### PROVIDED DATA ###

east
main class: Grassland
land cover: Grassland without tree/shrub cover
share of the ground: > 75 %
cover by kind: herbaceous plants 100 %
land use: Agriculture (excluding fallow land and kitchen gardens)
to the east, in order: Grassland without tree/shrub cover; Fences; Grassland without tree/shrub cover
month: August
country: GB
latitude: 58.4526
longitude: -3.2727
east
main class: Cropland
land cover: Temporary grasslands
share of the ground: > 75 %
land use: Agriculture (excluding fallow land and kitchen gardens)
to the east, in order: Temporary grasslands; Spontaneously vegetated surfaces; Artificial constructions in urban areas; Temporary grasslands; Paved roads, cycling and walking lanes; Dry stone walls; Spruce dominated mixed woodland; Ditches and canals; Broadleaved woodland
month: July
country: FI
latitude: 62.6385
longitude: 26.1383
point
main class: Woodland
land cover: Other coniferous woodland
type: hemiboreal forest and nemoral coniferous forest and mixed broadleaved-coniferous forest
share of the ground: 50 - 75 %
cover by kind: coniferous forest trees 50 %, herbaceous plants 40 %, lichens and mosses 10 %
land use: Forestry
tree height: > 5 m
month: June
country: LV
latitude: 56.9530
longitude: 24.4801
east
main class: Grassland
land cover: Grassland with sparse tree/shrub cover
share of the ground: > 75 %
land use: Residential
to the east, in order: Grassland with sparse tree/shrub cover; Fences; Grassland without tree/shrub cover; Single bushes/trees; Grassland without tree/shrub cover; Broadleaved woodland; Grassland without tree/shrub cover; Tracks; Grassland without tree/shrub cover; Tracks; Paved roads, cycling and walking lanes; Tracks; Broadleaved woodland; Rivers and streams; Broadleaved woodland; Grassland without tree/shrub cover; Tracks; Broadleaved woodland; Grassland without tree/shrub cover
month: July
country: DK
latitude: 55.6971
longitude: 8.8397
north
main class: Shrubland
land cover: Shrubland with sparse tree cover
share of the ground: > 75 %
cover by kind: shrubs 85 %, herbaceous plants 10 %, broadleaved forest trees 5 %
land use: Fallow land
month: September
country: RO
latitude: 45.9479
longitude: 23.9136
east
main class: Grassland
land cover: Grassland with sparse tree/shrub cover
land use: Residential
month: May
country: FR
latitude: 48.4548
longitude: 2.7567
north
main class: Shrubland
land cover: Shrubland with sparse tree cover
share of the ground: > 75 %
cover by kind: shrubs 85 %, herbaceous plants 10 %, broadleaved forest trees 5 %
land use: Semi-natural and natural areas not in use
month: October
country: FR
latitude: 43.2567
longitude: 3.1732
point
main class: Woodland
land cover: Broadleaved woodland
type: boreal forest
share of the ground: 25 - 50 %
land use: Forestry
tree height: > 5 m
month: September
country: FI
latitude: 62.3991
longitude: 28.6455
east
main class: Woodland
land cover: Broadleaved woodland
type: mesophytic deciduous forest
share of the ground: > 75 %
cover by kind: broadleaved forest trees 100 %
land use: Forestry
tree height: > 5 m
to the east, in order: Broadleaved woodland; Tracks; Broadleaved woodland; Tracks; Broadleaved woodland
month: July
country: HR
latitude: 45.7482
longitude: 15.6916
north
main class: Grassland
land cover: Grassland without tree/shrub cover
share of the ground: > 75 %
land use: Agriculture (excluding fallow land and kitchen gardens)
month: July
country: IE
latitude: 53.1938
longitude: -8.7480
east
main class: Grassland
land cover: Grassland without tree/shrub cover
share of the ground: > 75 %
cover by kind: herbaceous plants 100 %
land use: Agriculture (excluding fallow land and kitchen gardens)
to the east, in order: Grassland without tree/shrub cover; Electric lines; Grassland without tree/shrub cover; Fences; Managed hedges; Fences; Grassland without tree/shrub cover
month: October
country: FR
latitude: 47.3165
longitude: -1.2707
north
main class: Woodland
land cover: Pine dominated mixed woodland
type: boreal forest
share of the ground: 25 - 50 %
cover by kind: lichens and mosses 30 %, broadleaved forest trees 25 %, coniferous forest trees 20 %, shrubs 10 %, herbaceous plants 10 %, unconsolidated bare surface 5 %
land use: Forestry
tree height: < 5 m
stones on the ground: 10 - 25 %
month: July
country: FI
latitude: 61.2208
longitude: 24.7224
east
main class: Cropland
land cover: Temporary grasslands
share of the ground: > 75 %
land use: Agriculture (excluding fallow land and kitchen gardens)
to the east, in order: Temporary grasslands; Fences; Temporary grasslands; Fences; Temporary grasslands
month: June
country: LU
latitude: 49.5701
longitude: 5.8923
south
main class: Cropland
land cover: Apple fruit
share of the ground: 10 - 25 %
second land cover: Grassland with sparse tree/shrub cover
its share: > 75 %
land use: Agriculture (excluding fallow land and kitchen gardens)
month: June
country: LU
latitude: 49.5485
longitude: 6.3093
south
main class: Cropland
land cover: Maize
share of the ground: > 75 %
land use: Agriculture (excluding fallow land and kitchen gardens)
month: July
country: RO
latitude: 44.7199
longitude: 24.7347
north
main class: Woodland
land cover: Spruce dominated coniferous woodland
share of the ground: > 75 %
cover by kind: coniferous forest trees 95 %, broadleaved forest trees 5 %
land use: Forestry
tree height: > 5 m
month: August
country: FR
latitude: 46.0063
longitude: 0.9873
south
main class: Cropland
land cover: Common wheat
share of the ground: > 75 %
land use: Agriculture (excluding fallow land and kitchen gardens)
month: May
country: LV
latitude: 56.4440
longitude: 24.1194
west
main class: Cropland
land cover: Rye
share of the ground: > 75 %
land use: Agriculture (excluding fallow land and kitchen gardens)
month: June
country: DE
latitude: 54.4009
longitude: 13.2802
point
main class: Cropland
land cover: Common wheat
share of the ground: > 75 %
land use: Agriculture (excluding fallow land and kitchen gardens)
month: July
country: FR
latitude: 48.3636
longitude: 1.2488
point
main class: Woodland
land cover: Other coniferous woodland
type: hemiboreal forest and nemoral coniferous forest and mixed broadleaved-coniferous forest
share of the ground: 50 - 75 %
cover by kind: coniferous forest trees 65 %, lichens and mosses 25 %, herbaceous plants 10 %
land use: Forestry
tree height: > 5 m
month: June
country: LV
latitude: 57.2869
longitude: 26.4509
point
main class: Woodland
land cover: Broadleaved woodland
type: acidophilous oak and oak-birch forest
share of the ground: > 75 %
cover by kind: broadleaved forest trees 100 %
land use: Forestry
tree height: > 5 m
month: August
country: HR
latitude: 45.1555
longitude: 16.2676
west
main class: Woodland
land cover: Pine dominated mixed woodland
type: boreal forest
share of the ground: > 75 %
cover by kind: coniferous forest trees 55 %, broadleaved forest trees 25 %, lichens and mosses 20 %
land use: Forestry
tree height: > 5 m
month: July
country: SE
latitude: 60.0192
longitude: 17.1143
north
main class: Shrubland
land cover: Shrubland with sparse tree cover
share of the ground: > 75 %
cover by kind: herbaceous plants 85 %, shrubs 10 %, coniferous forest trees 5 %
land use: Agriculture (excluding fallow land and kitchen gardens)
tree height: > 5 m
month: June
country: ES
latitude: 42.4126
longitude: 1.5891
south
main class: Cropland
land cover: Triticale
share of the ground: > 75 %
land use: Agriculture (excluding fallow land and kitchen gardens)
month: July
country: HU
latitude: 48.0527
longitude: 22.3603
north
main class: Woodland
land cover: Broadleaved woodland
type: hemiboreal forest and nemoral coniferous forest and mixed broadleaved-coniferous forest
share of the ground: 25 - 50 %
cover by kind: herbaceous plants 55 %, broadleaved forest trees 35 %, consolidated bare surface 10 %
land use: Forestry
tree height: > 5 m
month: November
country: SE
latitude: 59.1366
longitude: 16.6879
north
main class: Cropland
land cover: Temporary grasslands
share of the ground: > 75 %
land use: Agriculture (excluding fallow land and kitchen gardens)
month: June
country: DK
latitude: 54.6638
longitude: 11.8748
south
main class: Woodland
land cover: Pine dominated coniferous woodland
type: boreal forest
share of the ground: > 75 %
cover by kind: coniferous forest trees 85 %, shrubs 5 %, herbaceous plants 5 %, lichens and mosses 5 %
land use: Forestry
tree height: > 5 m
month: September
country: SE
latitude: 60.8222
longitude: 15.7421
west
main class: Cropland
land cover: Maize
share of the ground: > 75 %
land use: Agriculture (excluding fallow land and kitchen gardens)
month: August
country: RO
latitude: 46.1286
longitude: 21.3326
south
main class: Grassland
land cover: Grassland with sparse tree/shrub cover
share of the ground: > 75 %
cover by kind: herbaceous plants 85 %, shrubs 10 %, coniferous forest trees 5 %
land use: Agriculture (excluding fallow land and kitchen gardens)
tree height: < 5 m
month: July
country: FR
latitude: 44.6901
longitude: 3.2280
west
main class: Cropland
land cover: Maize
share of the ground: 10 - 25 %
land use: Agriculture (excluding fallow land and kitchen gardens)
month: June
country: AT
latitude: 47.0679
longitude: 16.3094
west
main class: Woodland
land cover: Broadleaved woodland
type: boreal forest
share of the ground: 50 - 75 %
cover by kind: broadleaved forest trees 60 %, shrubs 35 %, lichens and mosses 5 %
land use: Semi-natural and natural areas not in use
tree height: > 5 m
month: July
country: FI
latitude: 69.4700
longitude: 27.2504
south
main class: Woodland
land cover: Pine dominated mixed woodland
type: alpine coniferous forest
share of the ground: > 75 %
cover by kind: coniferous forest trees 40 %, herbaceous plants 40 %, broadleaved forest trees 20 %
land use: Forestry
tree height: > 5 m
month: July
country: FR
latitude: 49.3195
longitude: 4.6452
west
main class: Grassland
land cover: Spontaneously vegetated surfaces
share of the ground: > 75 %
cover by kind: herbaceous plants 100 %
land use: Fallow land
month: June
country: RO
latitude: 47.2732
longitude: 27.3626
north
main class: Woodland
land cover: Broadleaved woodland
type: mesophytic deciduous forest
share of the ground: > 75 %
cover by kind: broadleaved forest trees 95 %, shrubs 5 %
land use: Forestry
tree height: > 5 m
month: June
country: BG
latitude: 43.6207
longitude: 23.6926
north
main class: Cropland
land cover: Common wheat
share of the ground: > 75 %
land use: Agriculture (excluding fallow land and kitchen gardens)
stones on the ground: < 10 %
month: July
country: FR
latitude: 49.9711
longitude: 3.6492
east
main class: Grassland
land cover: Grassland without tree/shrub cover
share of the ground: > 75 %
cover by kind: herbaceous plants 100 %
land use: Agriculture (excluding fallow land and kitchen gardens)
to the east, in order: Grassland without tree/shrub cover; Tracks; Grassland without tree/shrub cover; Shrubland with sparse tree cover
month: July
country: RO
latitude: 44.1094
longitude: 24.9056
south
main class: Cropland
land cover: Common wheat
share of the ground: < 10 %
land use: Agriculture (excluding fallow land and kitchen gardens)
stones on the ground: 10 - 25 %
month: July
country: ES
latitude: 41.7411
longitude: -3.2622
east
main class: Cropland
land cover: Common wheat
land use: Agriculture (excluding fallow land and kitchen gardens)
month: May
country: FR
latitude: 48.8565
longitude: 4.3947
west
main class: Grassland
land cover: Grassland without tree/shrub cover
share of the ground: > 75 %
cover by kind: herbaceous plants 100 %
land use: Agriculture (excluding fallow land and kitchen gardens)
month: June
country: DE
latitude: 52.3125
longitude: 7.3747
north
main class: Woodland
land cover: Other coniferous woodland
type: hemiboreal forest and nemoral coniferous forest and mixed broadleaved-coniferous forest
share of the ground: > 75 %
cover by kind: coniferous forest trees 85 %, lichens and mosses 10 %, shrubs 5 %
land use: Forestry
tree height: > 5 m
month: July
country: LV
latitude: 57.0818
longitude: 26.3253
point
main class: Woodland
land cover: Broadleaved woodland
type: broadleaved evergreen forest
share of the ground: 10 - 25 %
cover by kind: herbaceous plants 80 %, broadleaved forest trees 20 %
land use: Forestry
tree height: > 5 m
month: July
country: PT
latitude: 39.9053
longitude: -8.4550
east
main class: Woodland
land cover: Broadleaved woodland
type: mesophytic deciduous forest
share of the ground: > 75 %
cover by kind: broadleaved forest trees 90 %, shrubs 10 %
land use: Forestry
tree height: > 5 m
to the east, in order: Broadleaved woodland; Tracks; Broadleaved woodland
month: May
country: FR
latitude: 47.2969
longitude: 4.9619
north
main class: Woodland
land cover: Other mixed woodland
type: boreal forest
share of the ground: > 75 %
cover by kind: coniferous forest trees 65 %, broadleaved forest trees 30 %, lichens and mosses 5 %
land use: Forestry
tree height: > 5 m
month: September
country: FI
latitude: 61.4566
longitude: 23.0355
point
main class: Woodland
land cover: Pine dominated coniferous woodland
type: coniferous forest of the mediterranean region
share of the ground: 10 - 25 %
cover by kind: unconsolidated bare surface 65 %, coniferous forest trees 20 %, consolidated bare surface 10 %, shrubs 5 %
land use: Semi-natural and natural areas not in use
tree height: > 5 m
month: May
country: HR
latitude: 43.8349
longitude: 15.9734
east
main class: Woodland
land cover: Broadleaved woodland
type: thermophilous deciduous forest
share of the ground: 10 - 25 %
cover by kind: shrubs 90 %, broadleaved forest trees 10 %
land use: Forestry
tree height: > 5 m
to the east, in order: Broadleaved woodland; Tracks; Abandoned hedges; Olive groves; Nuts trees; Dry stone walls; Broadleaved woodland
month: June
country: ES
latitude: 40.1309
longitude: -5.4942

###

ASSIGNMENT. Line count for the string "lanes": tally the lines of the records above that contain it and give only the result.

EXERCISE SOLUTION. 2